* TASK TO COMPLETE
Write out the data below exactly as given, without any of its pictures.
--- RECORD EXCERPTS ---
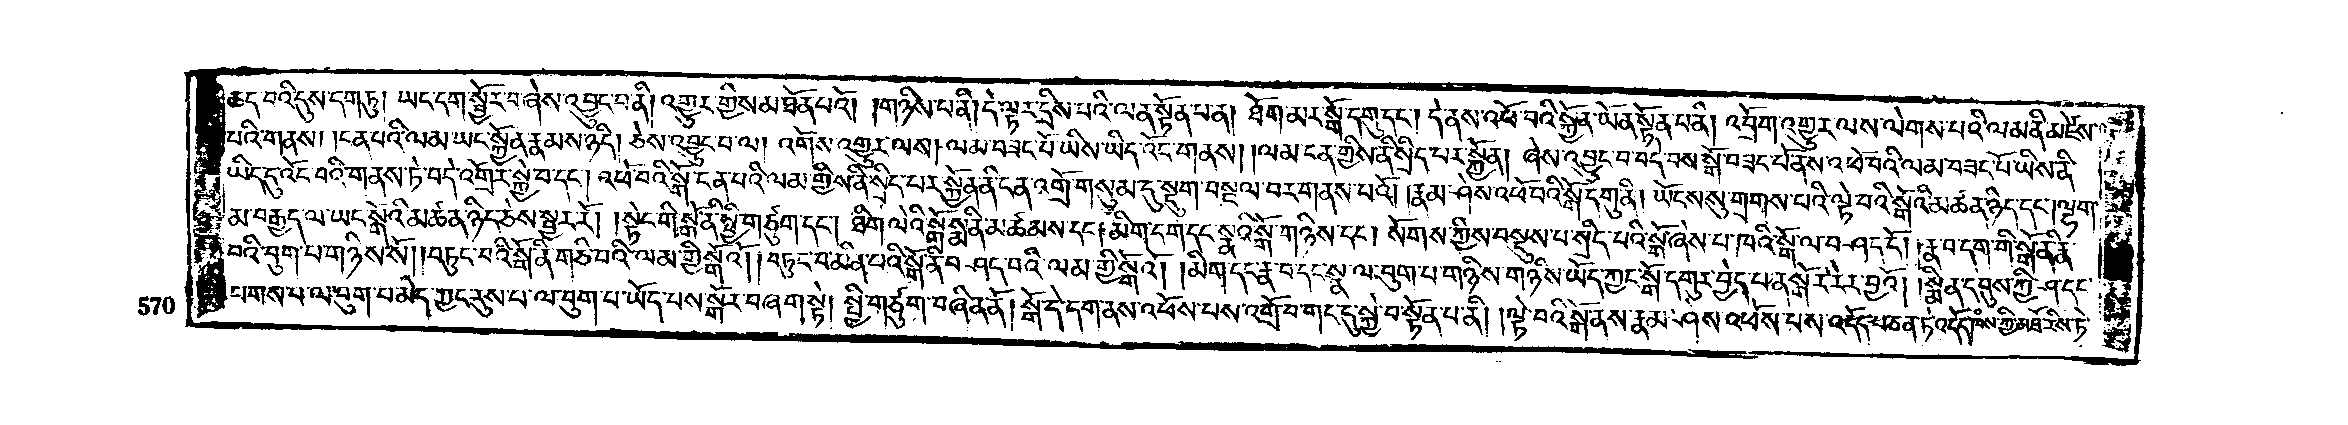ཆད་པའི་དུས་དག་ཏུ། ཡང་དག་སྦྱོར་བ་ཞེས་འབྱུང་བ་ནི། འགྱུར་གྱིས་མ་ཐོན་པའོ། །གཉིས་པ་ནི། དེ་ལྟར་དྲིས་པའི་ལན་སྟོན་པ་ན། ཐོག་མར་སྒོ་དགུ་དང་། དེ་ནས་འཕོ་བའི་སྐྱོན་ཡོན་སྟོན་པ་ནི། འབྲོག་འགྱུར་ལས་ལེགས་པའི་ལམ་ནི་མཛེས་
པའི་གནས། །ངན་པའི་ལམ་ཡང་སྐྱོན་རྣམས་ཉིད། ཅེས་འབྱུང་བ་ལ། འགོས་འགྱུར་ལས། ལམ་བཟང་པོ་ཡིས་ཡིད་འོང་གནས། །ལམ་ངན་གྱིས་ནི་སྲིད་པར་སྐྱོན། ཞེས་འབྱུང་བ་བདེ་བས་སྒོ་བཟང་པོ་ནས་འཕོ་བའི་ལམ་བཟང་པོ་ཡིས་ནི་
ཡིད་དུ་འོང་བའི་གནས་ཏེ་བདེ་འགྲོར་སྐྱེ་བ་དང་། འཕོ་བའི་སྒོ་ངན་པའི་ལམ་གྱིས་ནི་སྲིད་པར་སྐྱོན་ནི་ངན་འགྲོ་གསུམ་དུ་སྡུག་བསྔལ་བར་གནས་པའོ། །རྣམ་ཤེས་འཕོ་བའི་སྒོ་དགུ་ནི། ཡོངས་སུ་གྲགས་པའི་ལྟེ་བའི་སྒོའི་མཚན་ཉིད་དང་། ལྷག་
མ་བརྒྱད་ལ་ཡང་སྒོའི་མཚན་ཉིད་ཅེས་སྦྱར་རོ། །སྟེང་གི་སྒོ་ནི་སྤྱི་གཙུག་དང་། ཐིག་ལེའི་སྒོ་སྨིན་མཚམས་དང་། མིག་དག་དང་སྣའི་སྒོ་གཉིས་དང་། སོགས་ཀྱིས་བསྡུས་པ་སྲིད་པའི་སྒོ་ཞེས་པ་ཁའི་སྒོ་ལ་བཤད་དོ། །རྣ་བ་དག་གི་སྒོ་ནི་རྣ་
བའི་བུག་པ་གཉིས་སོ། །བཏུང་བའི་སྒོ་ནི་གཅི་བའི་ལམ་གྱི་སྒོའོ། །བཏུང་བ་མིན་པའི་སྒོ་ནི་བཤད་པའི་ལམ་གྱི་སྒོའོ། །མིག་དང་རྣ་བ་དང་སྣ་ལ་བུག་པ་གཉིས་གཉིས་ཡོད་ཀྱང་སྒོ་དགུར་བྱེད་པ་ན་སྒོ་རེ་རེར་བྱའོ། །སྨིན་དབུས་ཀྱི་ཤ་དང་
པགས་པ་ལ་བུག་པ་མེད་ཀྱང་རུས་པ་ལ་བུག་པ་ཡོད་པས་སྒོར་བཞག་སྟེ། སྤྱི་གཙུག་བཞིན་ནོ། སྒོ་དེ་དག་ནས་འཕོས་པས་འགྲོ་བ་གང་དུ་སྐྱེ་བ་སྟོན་པ་ནི། །ལྟེ་བའི་སྒོ་ནས་རྣམ་ཤེས་འཕོས་པས་འདོད་པ་ཅན་ཏེ་འདོད་ཁམས་ཀྱི་མཐོ་རིས་ཏེ་
---
* EXERCISE SOLUTION
ཆད་པའི་དུས་དག་ཏུ། ཡང་དག་སྦྱོར་བ་ཞེས་འབྱུང་བ་ནི། འགྱུར་གྱིས་མ་ཐོན་པའོ། །གཉིས་པ་ནི། དེ་ལྟར་དྲིས་པའི་ལན་སྟོན་པ་ན། ཐོག་མར་སྒོ་དགུ་དང་། དེ་ནས་འཕོ་བའི་སྐྱོན་ཡོན་སྟོན་པ་ནི། འབྲོག་འགྱུར་ལས་ལེགས་པའི་ལམ་ནི་མཛེས་
པའི་གནས། །ངན་པའི་ལམ་ཡང་སྐྱོན་རྣམས་ཉིད། ཅེས་འབྱུང་བ་ལ། འགོས་འགྱུར་ལས། ལམ་བཟང་པོ་ཡིས་ཡིད་འོང་གནས། །ལམ་ངན་གྱིས་ནི་སྲིད་པར་སྐྱོན། ཞེས་འབྱུང་བ་བདེ་བས་སྒོ་བཟང་པོ་ནས་འཕོ་བའི་ལམ་བཟང་པོ་ཡིས་ནི་
ཡིད་དུ་འོང་བའི་གནས་ཏེ་བདེ་འགྲོར་སྐྱེ་བ་དང་། འཕོ་བའི་སྒོ་ངན་པའི་ལམ་གྱིས་ནི་སྲིད་པར་སྐྱོན་ནི་ངན་འགྲོ་གསུམ་དུ་སྡུག་བསྔལ་བར་གནས་པའོ། །རྣམ་ཤེས་འཕོ་བའི་སྒོ་དགུ་ནི། ཡོངས་སུ་གྲགས་པའི་ལྟེ་བའི་སྒོའི་མཚན་ཉིད་དང་། ལྷག་
མ་བརྒྱད་ལ་ཡང་སྒོའི་མཚན་ཉིད་ཅེས་སྦྱར་རོ། །སྟེང་གི་སྒོ་ནི་སྤྱི་གཙུག་དང་། ཐིག་ལེའི་སྒོ་སྨིན་མཚམས་དང་། མིག་དག་དང་སྣའི་སྒོ་གཉིས་དང་། སོགས་ཀྱིས་བསྡུས་པ་སྲིད་པའི་སྒོ་ཞེས་པ་ཁའི་སྒོ་ལ་བཤད་དོ། །རྣ་བ་དག་གི་སྒོ་ནི་རྣ་
བའི་བུག་པ་གཉིས་སོ། །བཏུང་བའི་སྒོ་ནི་གཅི་བའི་ལམ་གྱི་སྒོའོ། །བཏུང་བ་མིན་པའི་སྒོ་ནི་བཤད་པའི་ལམ་གྱི་སྒོའོ། །མིག་དང་རྣ་བ་དང་སྣ་ལ་བུག་པ་གཉིས་གཉིས་ཡོད་ཀྱང་སྒོ་དགུར་བྱེད་པ་ན་སྒོ་རེ་རེར་བྱའོ། །སྨིན་དབུས་ཀྱི་ཤ་དང་
པགས་པ་ལ་བུག་པ་མེད་ཀྱང་རུས་པ་ལ་བུག་པ་ཡོད་པས་སྒོར་བཞག་སྟེ། སྤྱི་གཙུག་བཞིན་ནོ། སྒོ་དེ་དག་ནས་འཕོས་པས་འགྲོ་བ་གང་དུ་སྐྱེ་བ་སྟོན་པ་ནི། །ལྟེ་བའི་སྒོ་ནས་རྣམ་ཤེས་འཕོས་པས་འདོད་པ་ཅན་ཏེ་འདོད་ཁམས་ཀྱི་མཐོ་རིས་ཏེ་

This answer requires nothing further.